# Microsoft Office for Linux? Could be... check it:



## Alec§taar (Aug 21, 2006)

See my subject-line/title, above first, & then take a peek @ this:

*Microsoft Office for Linux 'inevitable'*

http://www.vnunet.com/vnunet/news/2162570/microsoft-office-linux



* What do YOU think about that?

APK


----------



## wazzledoozle (Aug 21, 2006)

Office is a reason for business to stay with windows, so until the linux user base is large enough to compensate for loss of windows sales, it will stay windows only.
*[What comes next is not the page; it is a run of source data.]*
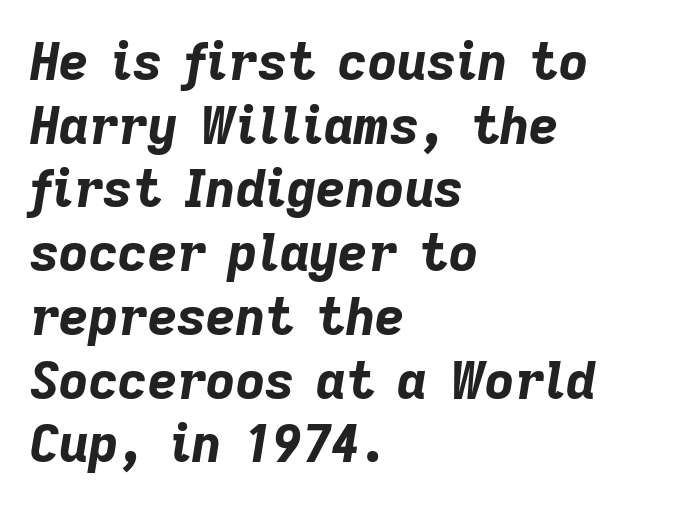
The image shows 51 px bold type, italic (leaning right); set left-aligned, normal line spacing (1.25x), normal letter spacing, not underlined; low stroke contrast and a medium x-height.
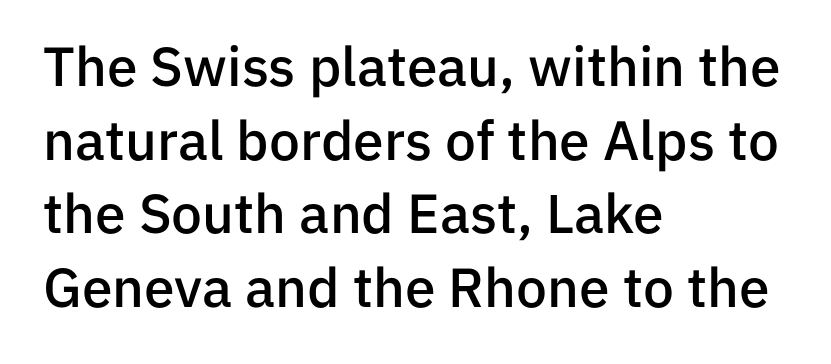
{"serif": "no", "italic": "no", "bold": "semi", "weight": "semibold", "width": "normal", "stroke_contrast": "low", "x_height": "medium", "monospaced": "no", "underline": "no", "align": "left", "line_spacing": "normal", "line_spacing_ratio": 1.34, "letter_spacing": "normal", "letter_spacing_em": 0.0, "glyph_px": 55}
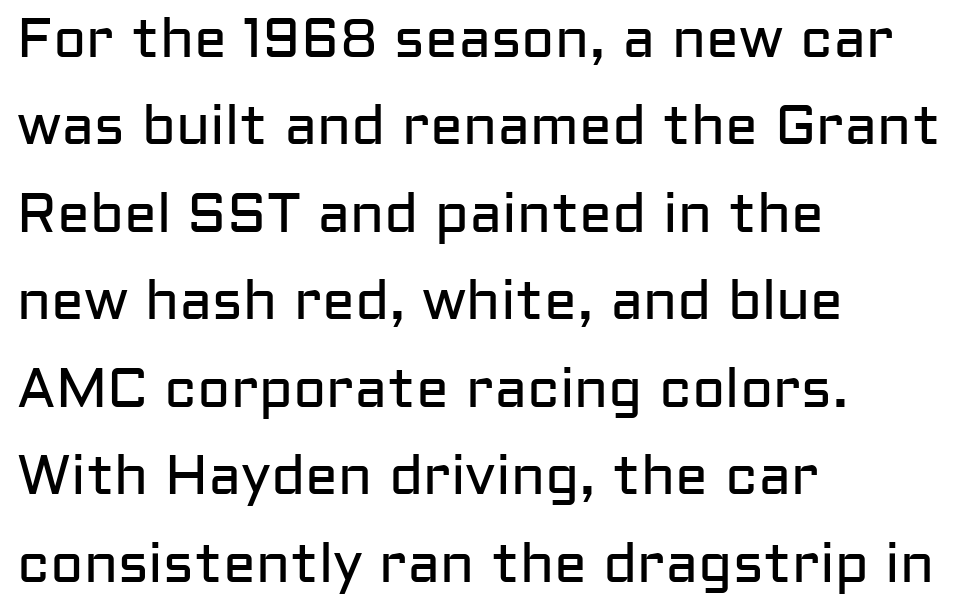
A classic flush-left, rag-right setting is used for this passage. You could not count columns in this text — the font is proportionally spaced. Compared with typical body copy, the letter spacing here is the same. Words float on clear page, feet unadorned.

The reason they make it for OSX is because OSX is not a threat, it is a propriety OS on propriety hardware, the users are not/were not going to use windows in the first place. Now with bootcamp, Microsoft may reconsider its OSX Office releases since the users now have the option of dual booting windows.


----------



## strick94u (Aug 23, 2006)

They made it for OSX becuase mac users dont mind paying too much for everything(btw I have it on my mac)But to port it to linux  
no really look Bill I didnt pay for office 2000 you gave me a copy I didnt pay for Office XP I got it from a homeless person, I didnt pay for office 2003 my brother in-law turned me on to a croprate version, I didnt pay for office mac edition (same homless guy) And if you really want me to have a free copy for my linux Pc ill just get it for free also. what are you stupid?


----------